### WORK TO COMPLETE:
Restate word for word the entries below, starting with the line with "26.472C20.087 26.472 21.001" and continuing through the line with "26.472C10.751 26.472 11.665". Include both of those lines and no others.

### STUDY MATERIAL:
★ ★ ★ ★
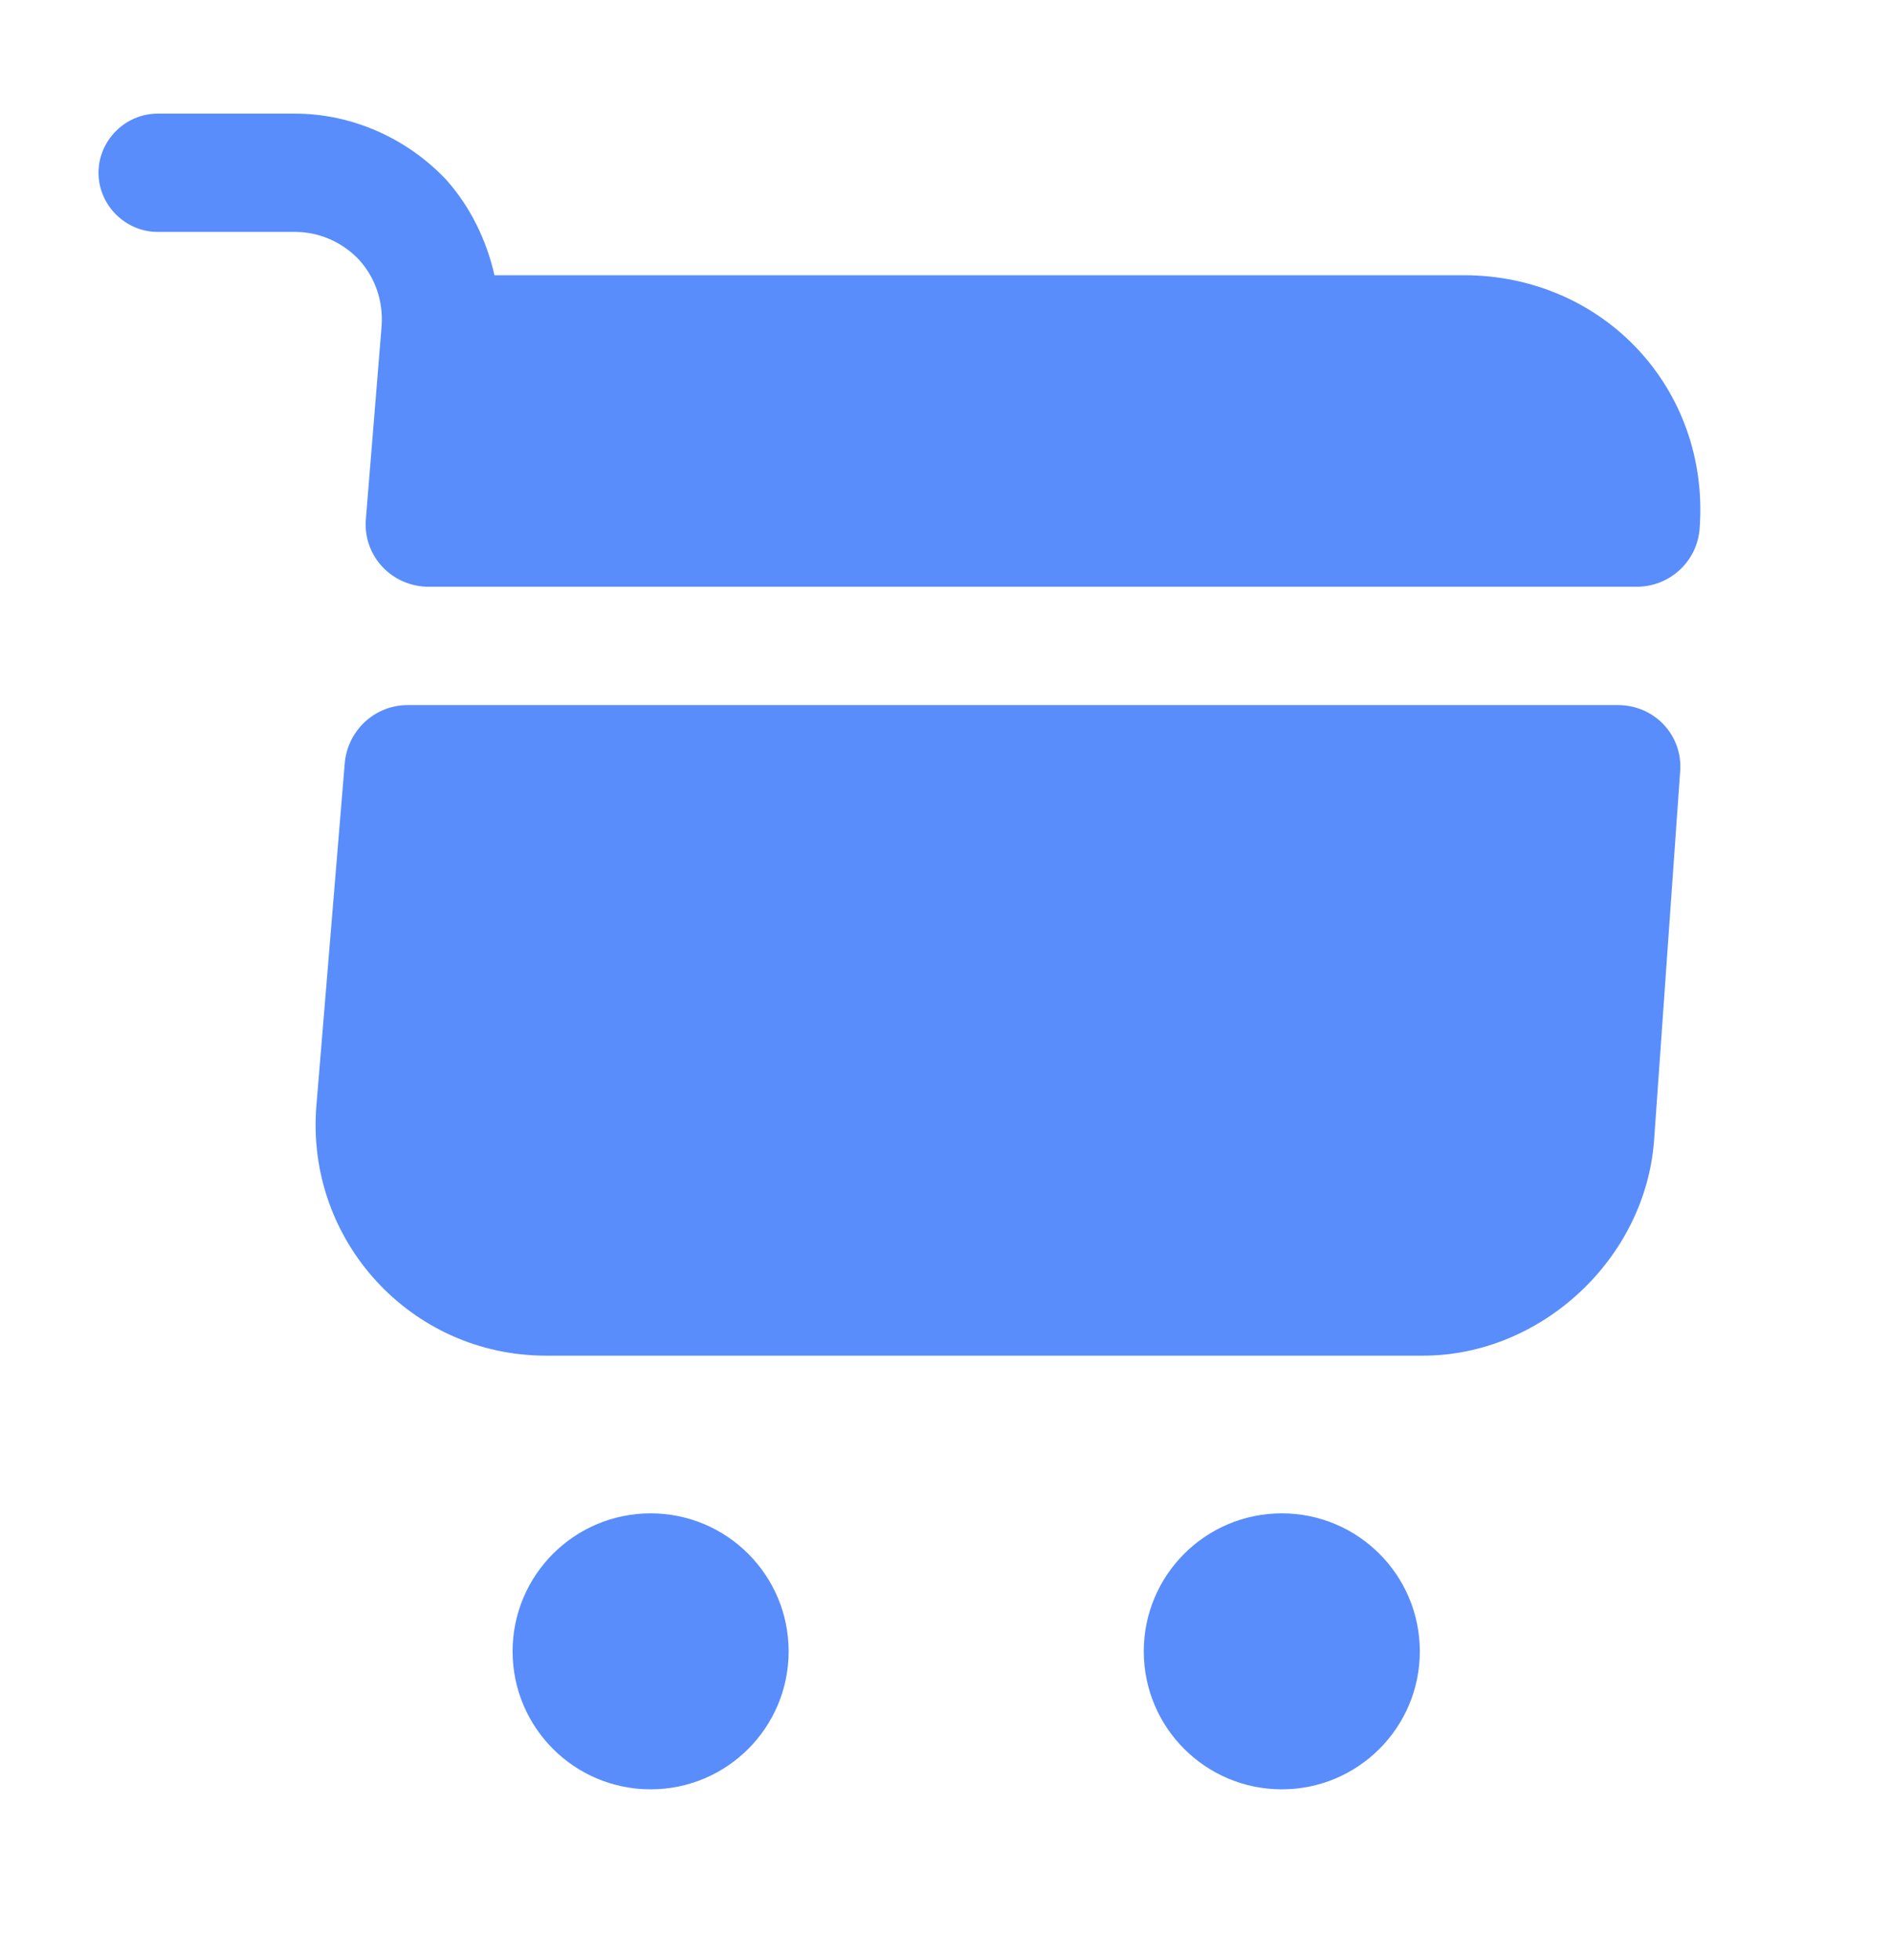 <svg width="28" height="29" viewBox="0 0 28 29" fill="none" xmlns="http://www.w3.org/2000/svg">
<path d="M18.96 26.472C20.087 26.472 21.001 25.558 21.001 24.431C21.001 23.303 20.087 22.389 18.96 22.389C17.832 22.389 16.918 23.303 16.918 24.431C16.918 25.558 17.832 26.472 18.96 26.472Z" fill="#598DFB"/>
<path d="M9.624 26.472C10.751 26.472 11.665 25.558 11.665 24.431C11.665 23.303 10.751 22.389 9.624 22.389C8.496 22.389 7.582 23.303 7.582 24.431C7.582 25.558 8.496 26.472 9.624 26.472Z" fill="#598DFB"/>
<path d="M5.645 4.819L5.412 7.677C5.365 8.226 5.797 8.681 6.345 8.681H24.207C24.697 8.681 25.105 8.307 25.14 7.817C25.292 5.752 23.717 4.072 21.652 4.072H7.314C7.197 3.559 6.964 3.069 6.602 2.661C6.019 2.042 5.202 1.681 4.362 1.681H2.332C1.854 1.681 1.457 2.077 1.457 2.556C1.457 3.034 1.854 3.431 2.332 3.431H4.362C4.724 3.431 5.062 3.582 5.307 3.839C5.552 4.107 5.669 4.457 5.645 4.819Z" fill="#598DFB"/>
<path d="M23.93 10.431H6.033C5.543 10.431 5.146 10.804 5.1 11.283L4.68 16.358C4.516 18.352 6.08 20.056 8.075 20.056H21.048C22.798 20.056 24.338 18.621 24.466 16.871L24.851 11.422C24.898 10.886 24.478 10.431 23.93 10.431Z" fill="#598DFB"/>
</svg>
★ ★ ★ ★
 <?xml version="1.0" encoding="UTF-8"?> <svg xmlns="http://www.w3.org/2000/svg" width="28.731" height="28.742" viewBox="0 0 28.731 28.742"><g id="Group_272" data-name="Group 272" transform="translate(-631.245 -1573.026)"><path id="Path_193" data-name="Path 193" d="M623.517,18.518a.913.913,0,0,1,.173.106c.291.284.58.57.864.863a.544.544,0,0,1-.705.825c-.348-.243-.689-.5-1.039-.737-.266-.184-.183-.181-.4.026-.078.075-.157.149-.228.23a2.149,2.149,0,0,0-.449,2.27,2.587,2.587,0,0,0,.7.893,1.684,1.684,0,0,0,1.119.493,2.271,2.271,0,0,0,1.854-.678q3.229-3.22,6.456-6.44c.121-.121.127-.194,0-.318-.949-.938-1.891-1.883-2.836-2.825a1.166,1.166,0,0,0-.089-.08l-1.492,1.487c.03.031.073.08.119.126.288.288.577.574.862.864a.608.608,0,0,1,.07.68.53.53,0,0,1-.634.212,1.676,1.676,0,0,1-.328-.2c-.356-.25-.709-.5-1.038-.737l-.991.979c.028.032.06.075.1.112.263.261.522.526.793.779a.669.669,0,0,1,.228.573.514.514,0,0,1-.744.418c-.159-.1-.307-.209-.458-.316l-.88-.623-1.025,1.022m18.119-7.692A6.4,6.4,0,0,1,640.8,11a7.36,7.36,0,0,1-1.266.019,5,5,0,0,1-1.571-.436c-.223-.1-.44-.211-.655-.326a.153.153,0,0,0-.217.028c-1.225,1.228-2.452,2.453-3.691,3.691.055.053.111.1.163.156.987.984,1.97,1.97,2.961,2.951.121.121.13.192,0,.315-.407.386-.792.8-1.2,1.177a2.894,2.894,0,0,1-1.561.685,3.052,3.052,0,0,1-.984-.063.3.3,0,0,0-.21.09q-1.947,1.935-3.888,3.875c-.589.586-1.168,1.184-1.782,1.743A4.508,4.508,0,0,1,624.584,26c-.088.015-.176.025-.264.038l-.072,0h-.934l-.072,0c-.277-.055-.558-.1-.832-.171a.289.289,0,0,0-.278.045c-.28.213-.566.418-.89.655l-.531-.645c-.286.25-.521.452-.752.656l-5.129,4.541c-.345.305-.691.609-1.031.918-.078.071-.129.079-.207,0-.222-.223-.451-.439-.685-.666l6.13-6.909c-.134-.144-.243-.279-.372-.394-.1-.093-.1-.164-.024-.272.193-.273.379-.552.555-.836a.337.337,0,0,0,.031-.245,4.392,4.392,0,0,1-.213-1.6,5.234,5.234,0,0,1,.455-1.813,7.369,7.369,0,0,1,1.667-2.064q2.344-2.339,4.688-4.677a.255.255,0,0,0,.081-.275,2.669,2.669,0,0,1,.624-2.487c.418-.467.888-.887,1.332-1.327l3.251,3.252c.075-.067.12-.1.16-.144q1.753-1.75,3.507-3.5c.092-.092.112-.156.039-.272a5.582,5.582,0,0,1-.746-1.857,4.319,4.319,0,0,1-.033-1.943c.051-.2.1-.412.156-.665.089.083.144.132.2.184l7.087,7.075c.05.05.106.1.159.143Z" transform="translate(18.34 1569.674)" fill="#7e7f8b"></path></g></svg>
★ ★ ★ ★
### WRITTEN ANSWER:
<path d="M18.96 26.472C20.087 26.472 21.001 25.558 21.001 24.431C21.001 23.303 20.087 22.389 18.96 22.389C17.832 22.389 16.918 23.303 16.918 24.431C16.918 25.558 17.832 26.472 18.96 26.472Z" fill="#598DFB"/>
<path d="M9.624 26.472C10.751 26.472 11.665 25.558 11.665 24.431C11.665 23.303 10.751 22.389 9.624 22.389C8.496 22.389 7.582 23.303 7.582 24.431C7.582 25.558 8.496 26.472 9.624 26.472Z" fill="#598DFB"/>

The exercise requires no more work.